((

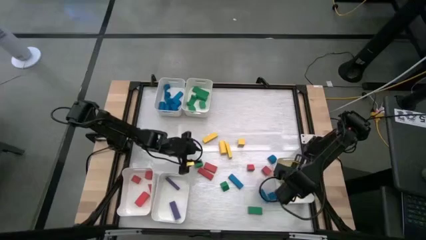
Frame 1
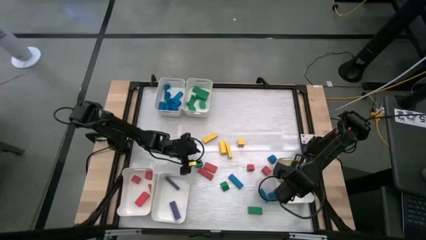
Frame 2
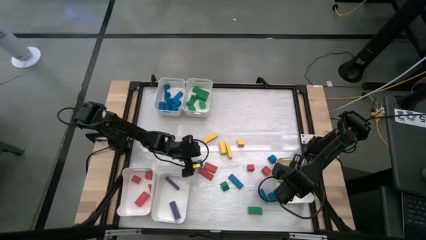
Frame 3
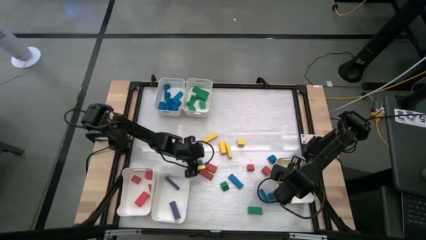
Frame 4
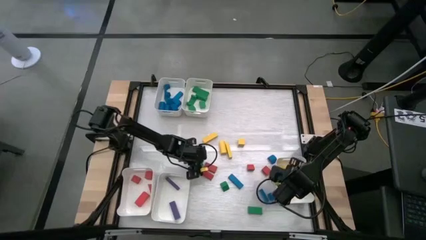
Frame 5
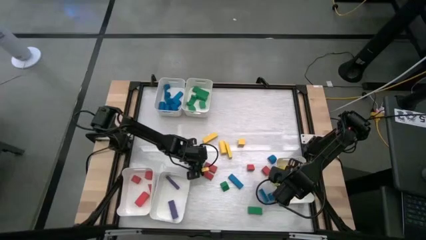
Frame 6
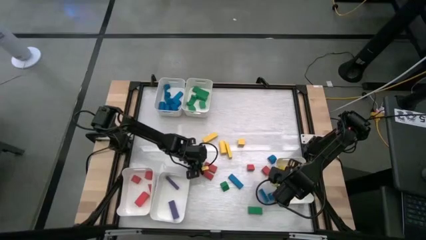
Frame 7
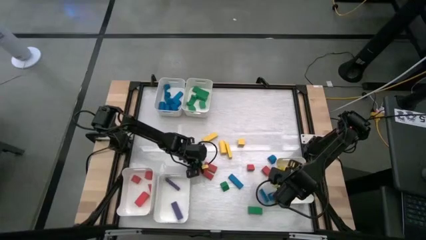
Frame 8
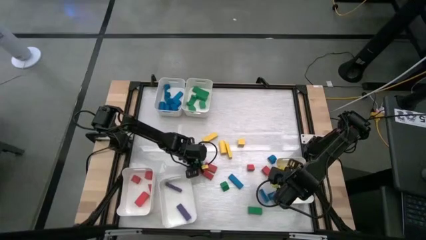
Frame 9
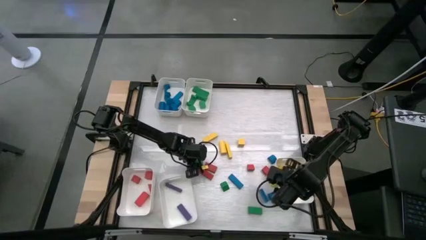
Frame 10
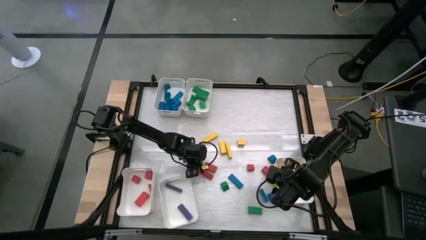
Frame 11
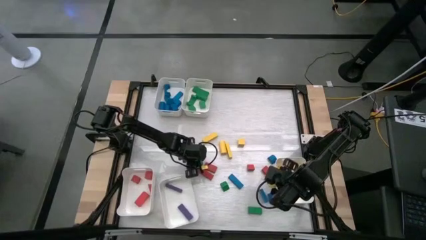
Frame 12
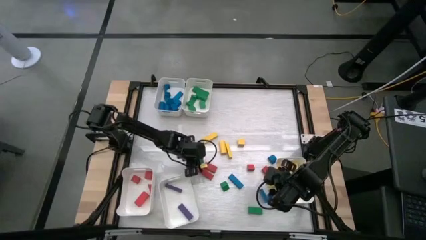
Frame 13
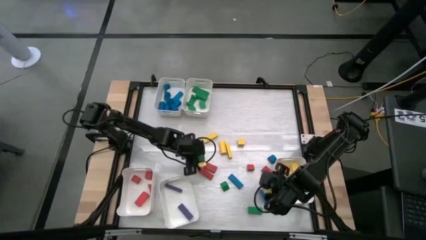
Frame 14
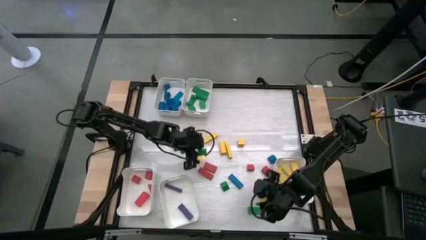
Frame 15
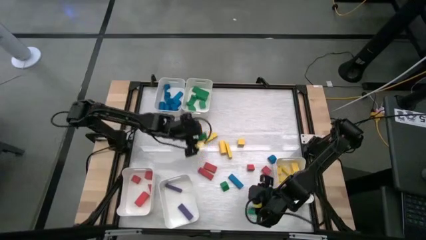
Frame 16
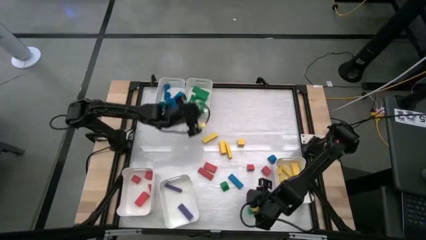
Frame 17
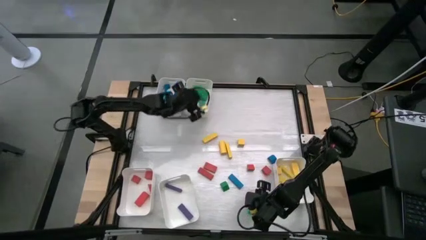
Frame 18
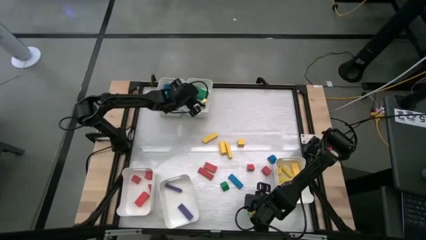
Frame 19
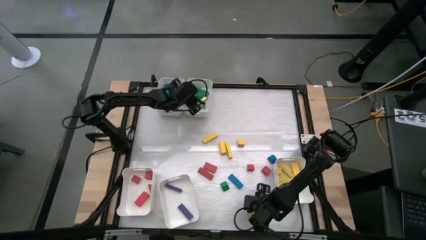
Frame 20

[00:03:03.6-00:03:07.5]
Task: Sort blocks
Put the green block into the top right white bin

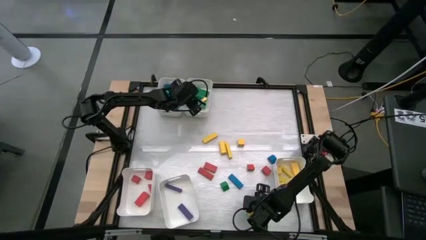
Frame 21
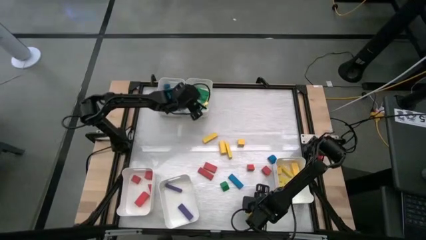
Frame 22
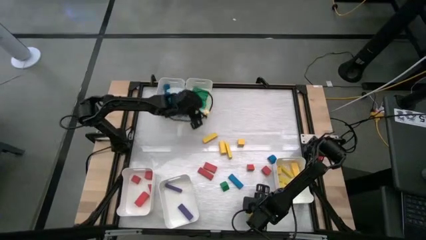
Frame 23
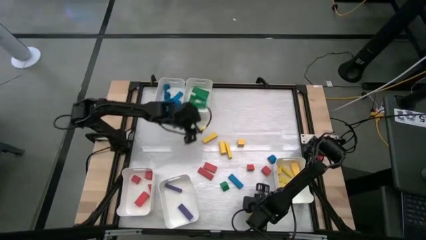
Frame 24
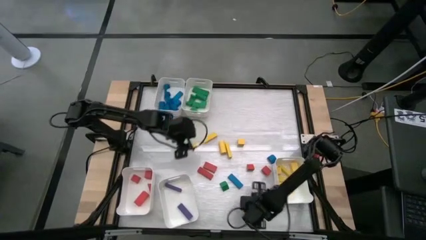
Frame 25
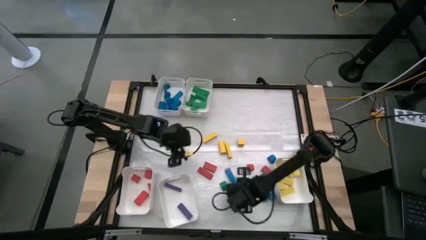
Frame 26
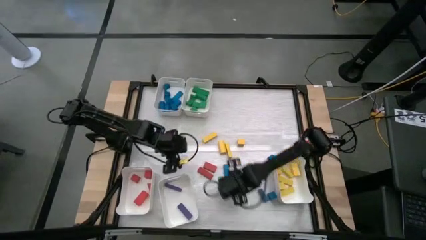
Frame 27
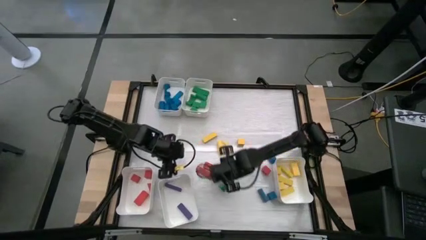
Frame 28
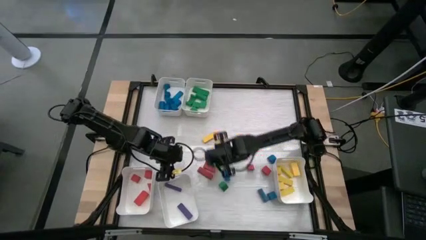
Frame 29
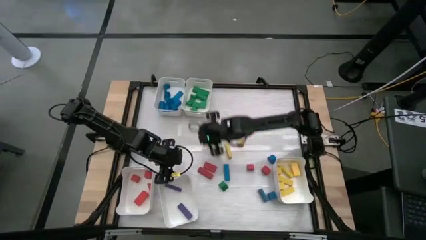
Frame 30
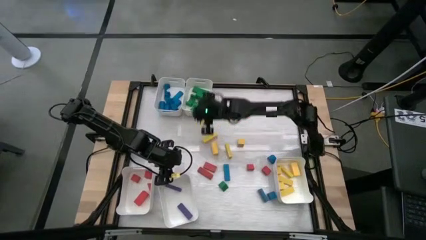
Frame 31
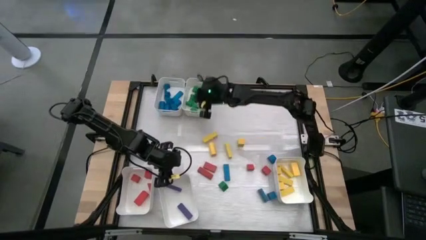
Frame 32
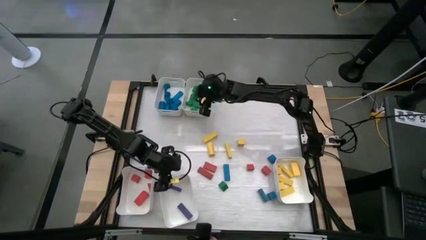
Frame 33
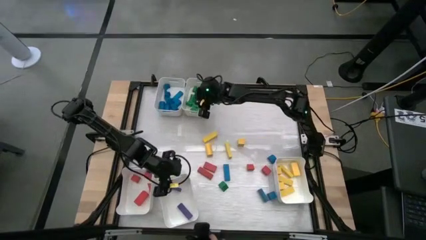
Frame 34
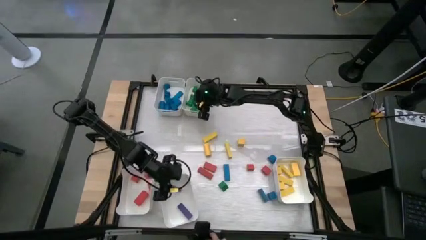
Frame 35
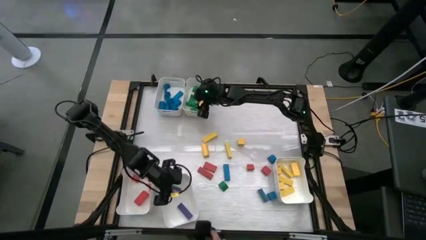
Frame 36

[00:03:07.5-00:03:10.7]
Put the green block into the top right white bin

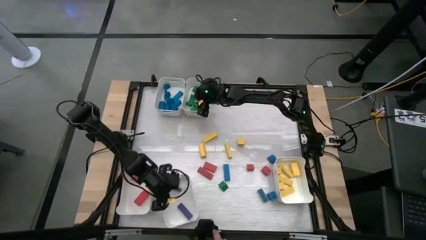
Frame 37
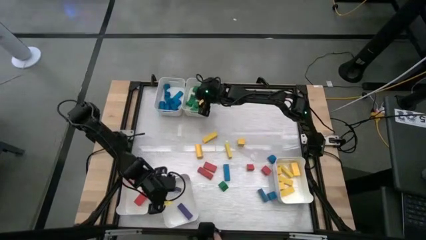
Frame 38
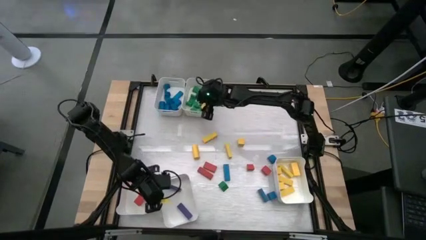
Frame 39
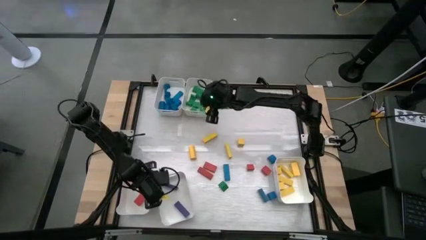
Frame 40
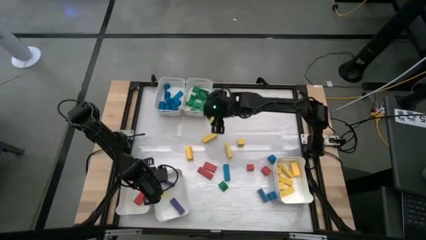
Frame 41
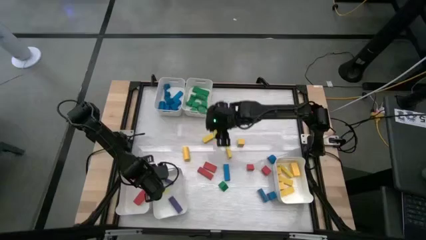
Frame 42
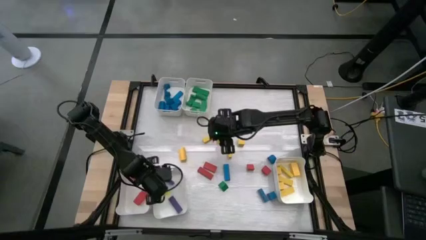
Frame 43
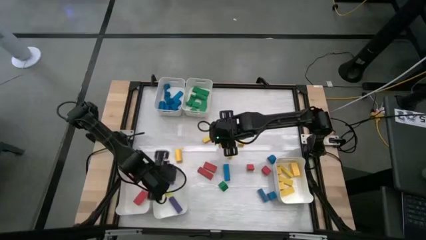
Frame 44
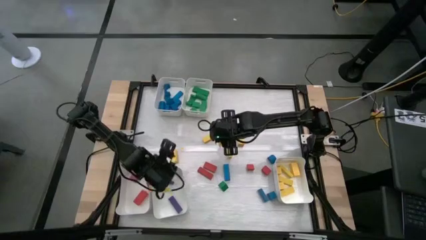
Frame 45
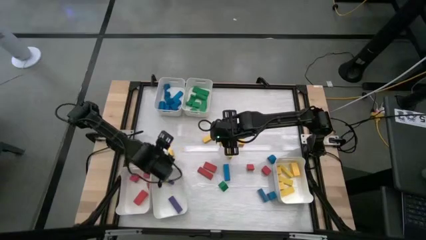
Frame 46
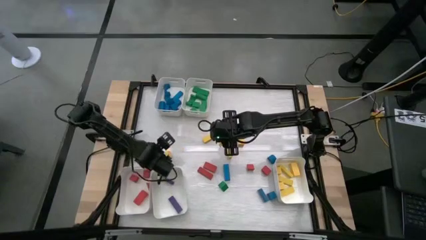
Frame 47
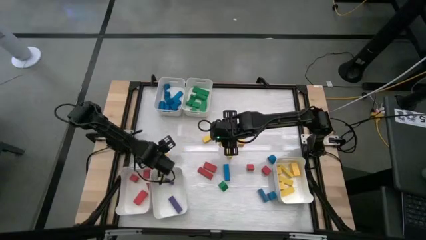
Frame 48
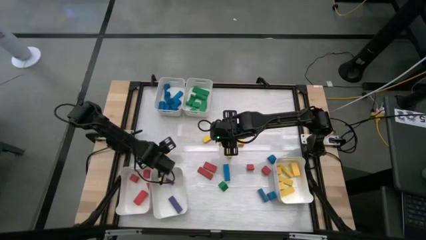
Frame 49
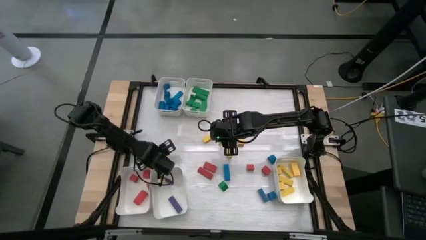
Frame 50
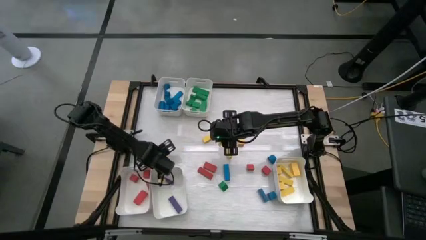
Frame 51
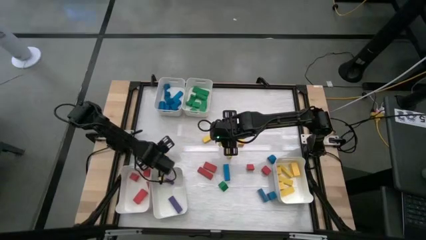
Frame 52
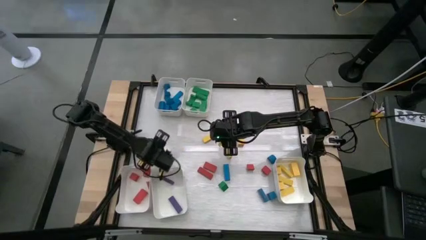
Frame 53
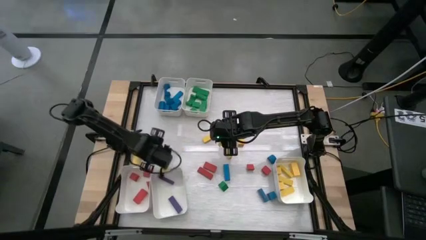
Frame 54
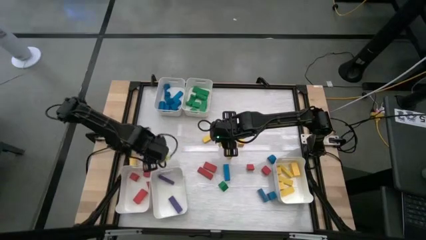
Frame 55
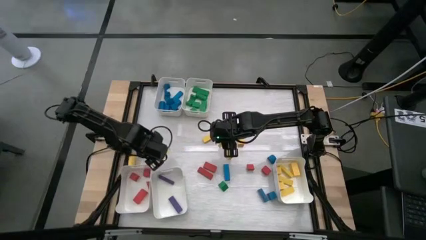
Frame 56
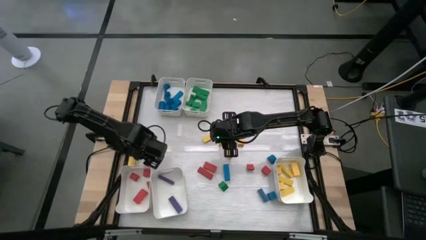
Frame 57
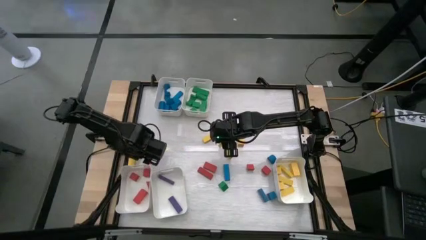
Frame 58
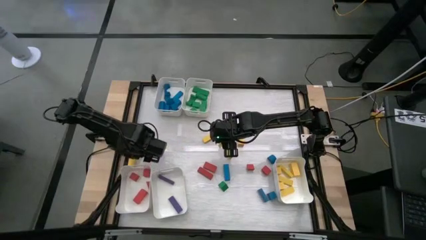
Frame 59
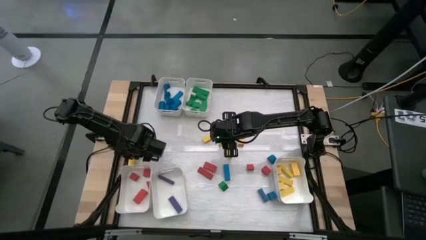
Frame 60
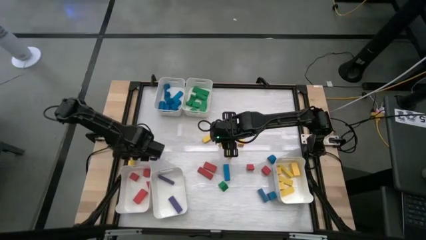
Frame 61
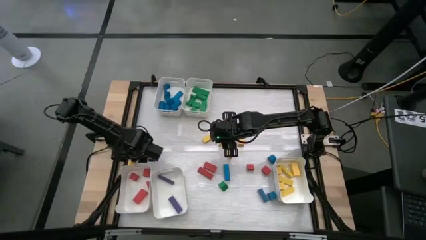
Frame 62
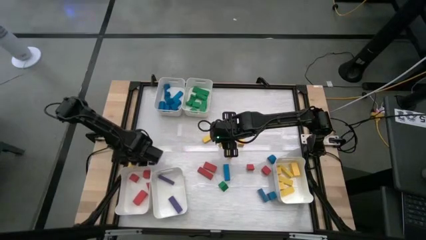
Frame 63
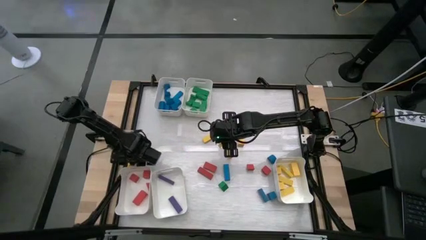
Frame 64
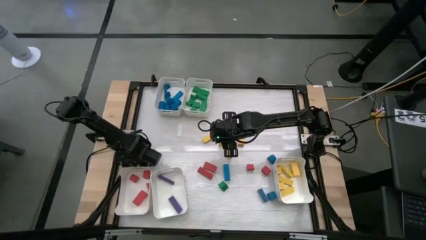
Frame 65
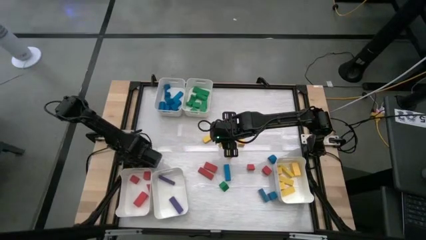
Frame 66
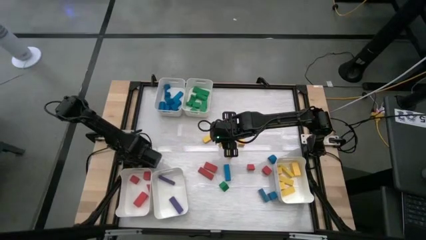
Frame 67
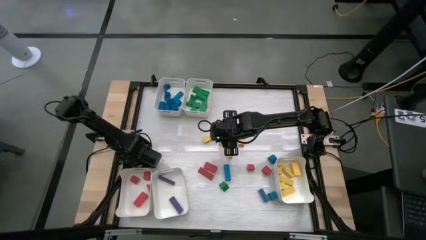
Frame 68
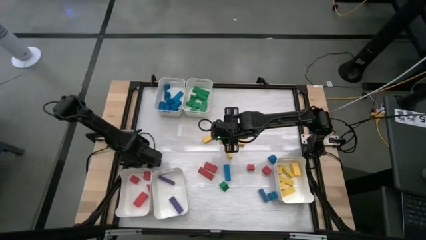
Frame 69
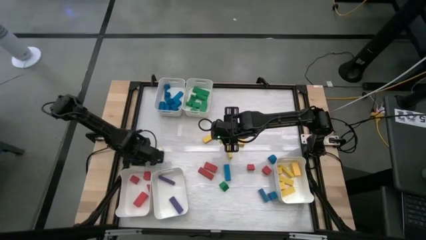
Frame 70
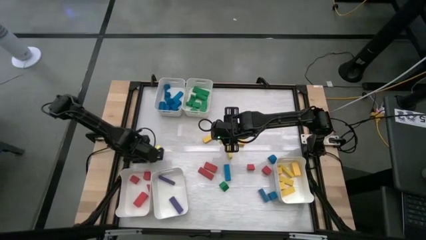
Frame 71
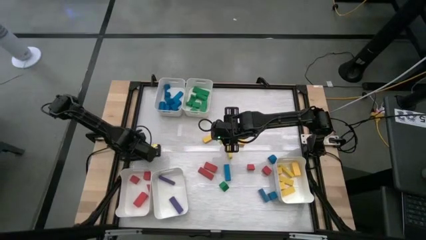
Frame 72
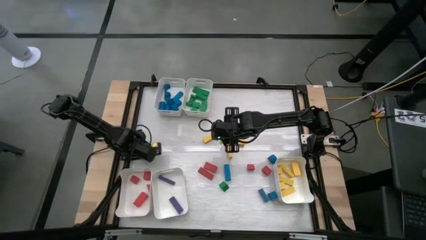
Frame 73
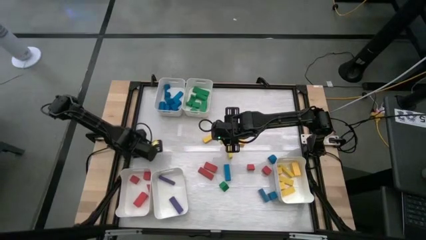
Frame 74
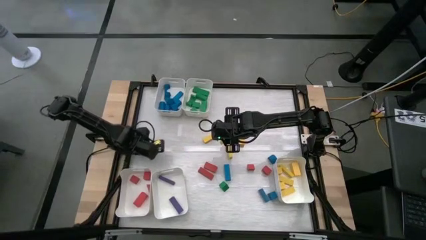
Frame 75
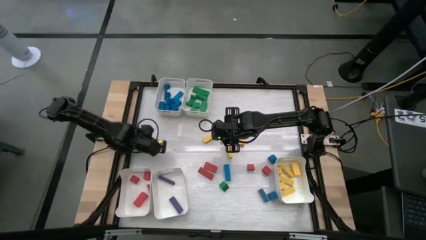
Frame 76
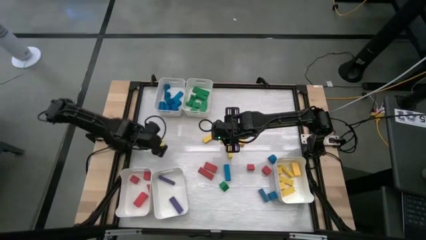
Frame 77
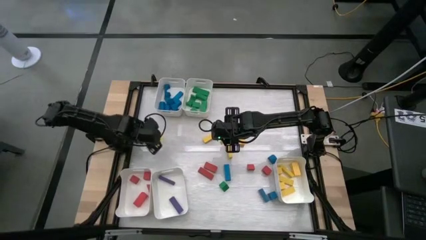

))

• **TASK PROMPT**: Please write out all the entries above again exactly as they appear, skipping any images.

• **RESULT**:
Frame 1
Frame 2
Frame 3
Frame 4
Frame 5
Frame 6
Frame 7
Frame 8
Frame 9
Frame 10
Frame 11
Frame 12
Frame 13
Frame 14
Frame 15
Frame 16
Frame 17
Frame 18
Frame 19
Frame 20

[00:03:03.6-00:03:07.5]
Task: Sort blocks
Put the green block into the top right white bin

Frame 21
Frame 22
Frame 23
Frame 24
Frame 25
Frame 26
Frame 27
Frame 28
Frame 29
Frame 30
Frame 31
Frame 32
Frame 33
Frame 34
Frame 35
Frame 36

[00:03:07.5-00:03:10.7]
Put the green block into the top right white bin

Frame 37
Frame 38
Frame 39
Frame 40
Frame 41
Frame 42
Frame 43
Frame 44
Frame 45
Frame 46
Frame 47
Frame 48
Frame 49
Frame 50
Frame 51
Frame 52
Frame 53
Frame 54
Frame 55
Frame 56
Frame 57
Frame 58
Frame 59
Frame 60
Frame 61
Frame 62
Frame 63
Frame 64
Frame 65
Frame 66
Frame 67
Frame 68
Frame 69
Frame 70
Frame 71
Frame 72
Frame 73
Frame 74
Frame 75
Frame 76
Frame 77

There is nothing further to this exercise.